Richard looked upon the shooting-star banners of Tudor’s commander, the Earl of Oxford, and let out a thin breath, almost a hiss. Raphael saw other banners he knew; Sir John Cheyney the giant, Sir William Brandon, Jasper Tudor, Edward Woodville. The traitors were flaunting their badges for all to see. In the centre floated the green, white and red of Tudor’s dragon, unspeakably presumptuous.

“What makes him so arrogant,” Richard said quietly, “if not sure knowledge of treachery against me?”

Catesby cleared his throat. “I don’t see either Stanley rushing to reinforce him.”

“Well, that’s interesting. If Thomas Stanley sits on the fence any longer, it will cut him in half. Send word to him again to engage on our side on pain of his son’s death.”

“Look at them,” said Francis. “The finest ruffians Tudor could skim out of French and Norman jails. Queen Marguerite would be proud.”

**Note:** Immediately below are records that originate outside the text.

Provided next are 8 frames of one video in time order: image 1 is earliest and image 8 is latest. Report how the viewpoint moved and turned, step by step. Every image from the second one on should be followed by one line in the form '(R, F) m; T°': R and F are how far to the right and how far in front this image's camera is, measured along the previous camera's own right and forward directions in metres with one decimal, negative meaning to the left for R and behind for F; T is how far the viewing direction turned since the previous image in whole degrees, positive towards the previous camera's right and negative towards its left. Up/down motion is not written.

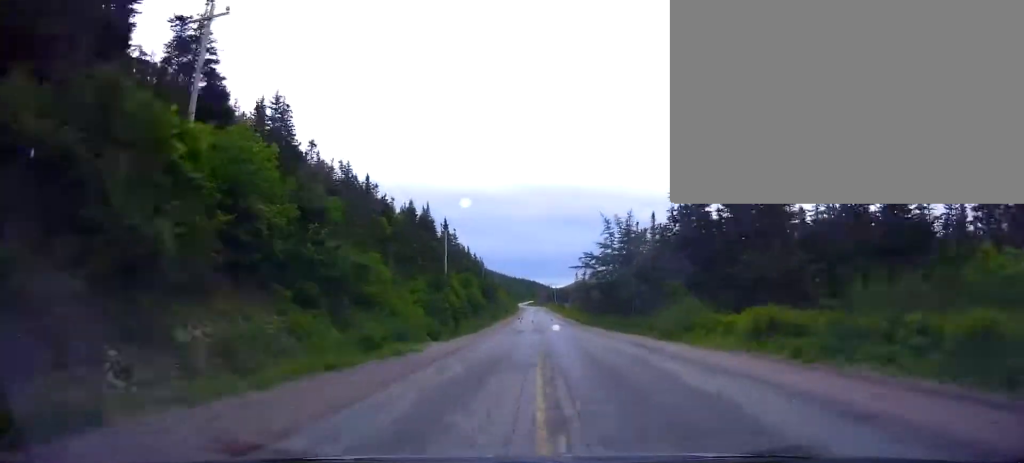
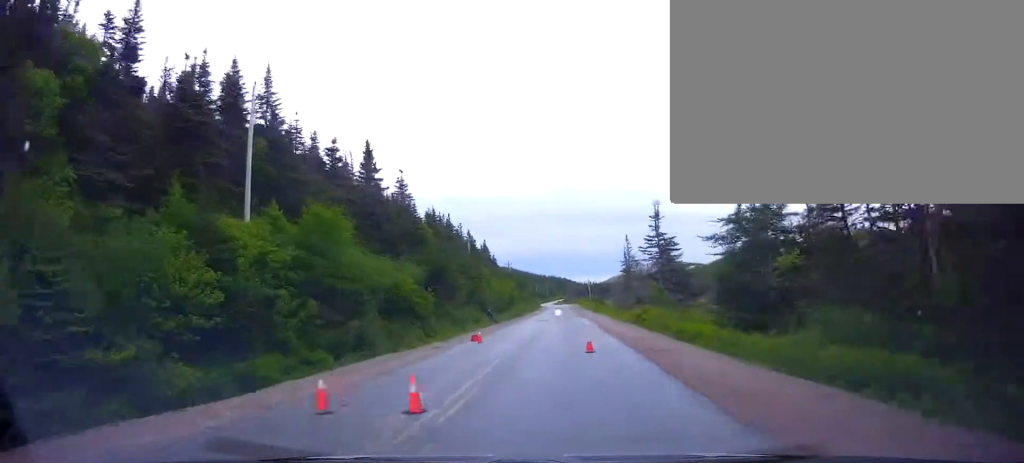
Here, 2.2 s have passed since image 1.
(+0.7, +64.1) m; -1°
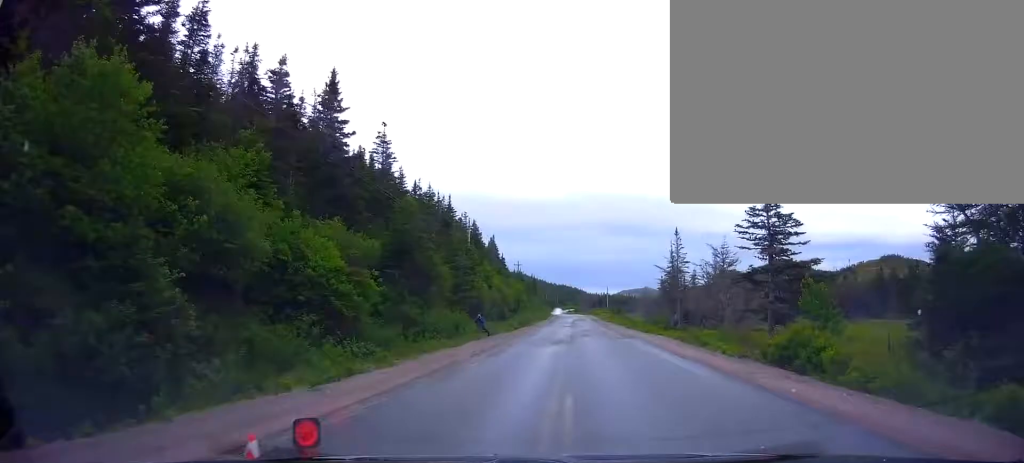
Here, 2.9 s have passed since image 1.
(-0.3, +18.6) m; -2°
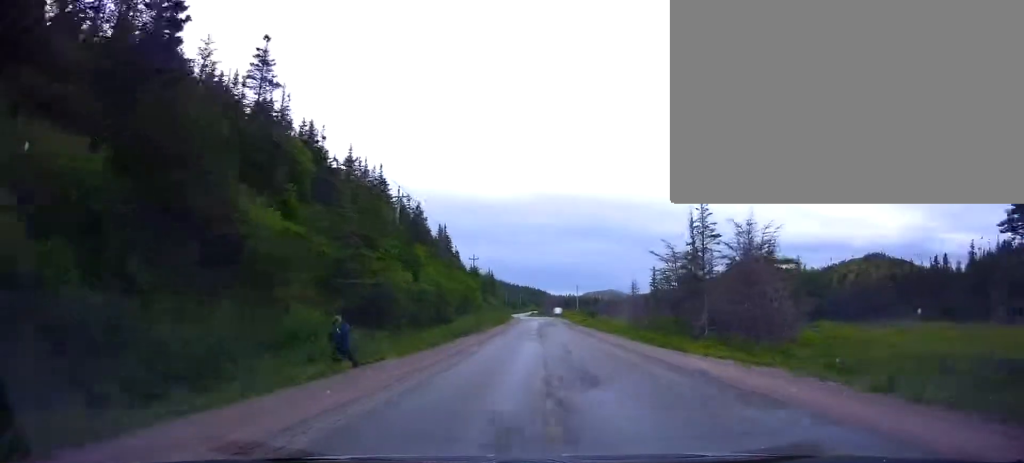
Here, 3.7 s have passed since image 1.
(-0.2, +19.2) m; 0°
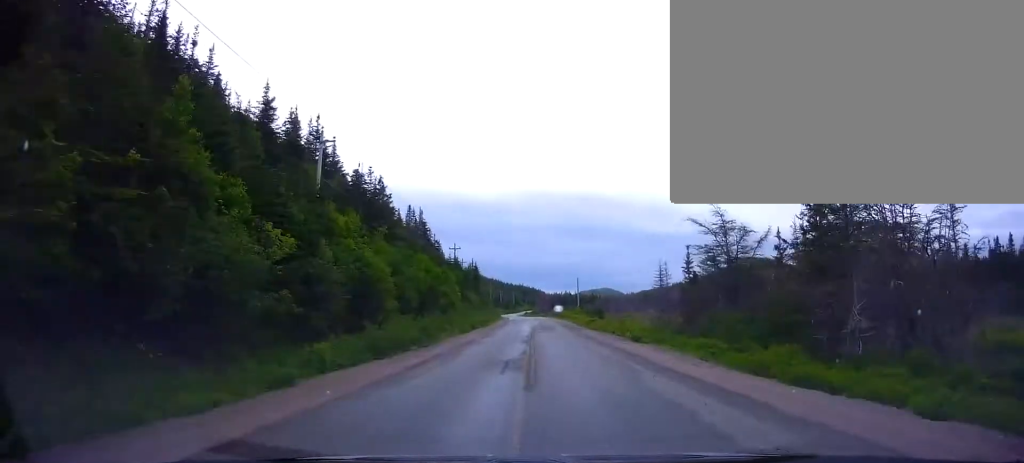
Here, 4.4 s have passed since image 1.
(0.0, +17.8) m; 0°
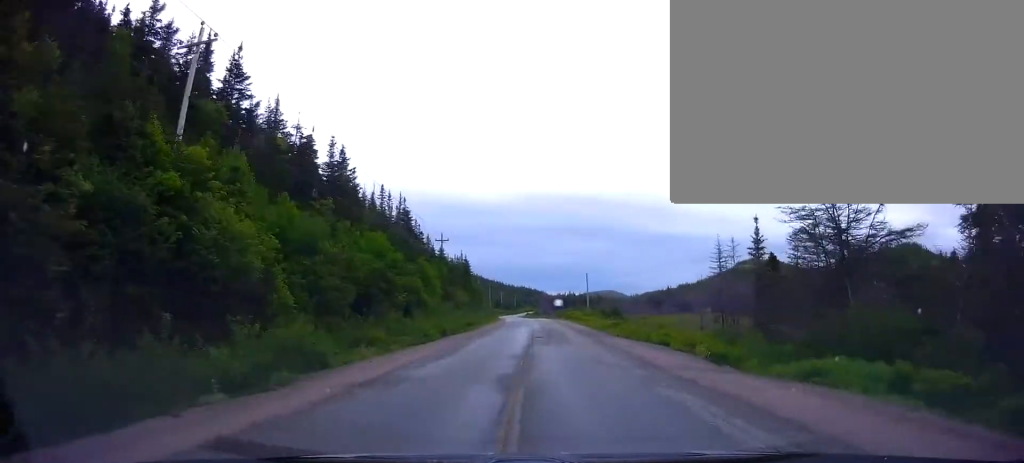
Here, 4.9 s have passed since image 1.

The sun touched the enemy troops, turning an army of ghosts into a rabble of brigands. Even at this distance they looked rough and violent, with nothing to lose. The Earl of Oxford himself was visible in golden armour. Raphael felt icy fury to see them. As they wheeled around the fringe of the marsh and began to move face-on to Norfolk’s front line, he saw the counterpoise of a familiar struggle. Beasts shouldering forwards, handlers hauling them back.

“They have graylix!”

“So I see,” Richard answered, angry now. “And by what royal licence do they hold them?”

“Oxford’s?” Ratcliffe said gruffly.

“Long revoked, even before Barnet.”

The first cannon fire shook the ground. Raphael’s horse threw up its head and stood shivering. Sweat foamed on the dark coat. The crack of Norfolk’s guns began to fracture the air; bombards, serpentines, harquebusiers. All around him, horses were shying, knights manfully struggling for control. Sharp smoke drifted. Like a dull echo, Henry Tudor’s lines returned fire.

At such a range, little harm was done. Before the fire of slow unwieldy guns faded, the archers let fly. Arrows arced like a storm of deadly birds, wave upon rattling wave. Tudor’s retaliation formed an intersecting curve.

Raphael saw men begin to fall. His heart jumped to a higher rhythm. Now he was breathing fast. This was it, the final day, no going back. It might be his last hour. Richard’s last hour.

Screams. Graylix were charging in among Norfolk’s archers, causing havoc. He’d counted six couple while they were still on the leash. Arrows exhausted, the archers drew other weapons, swords, axes, billhooks. He could track the path of each graylix by the panicked eddies of men. He marked where each was slain when the movement ceased.

A trumpet brayed; Norfolk was sounding the advance. Lines of men began to descend upon the Earl of Oxford, but the graylix attack had weakened Norfolk’s front line and they were struggling to reform, the captains yelling themselves hoarse.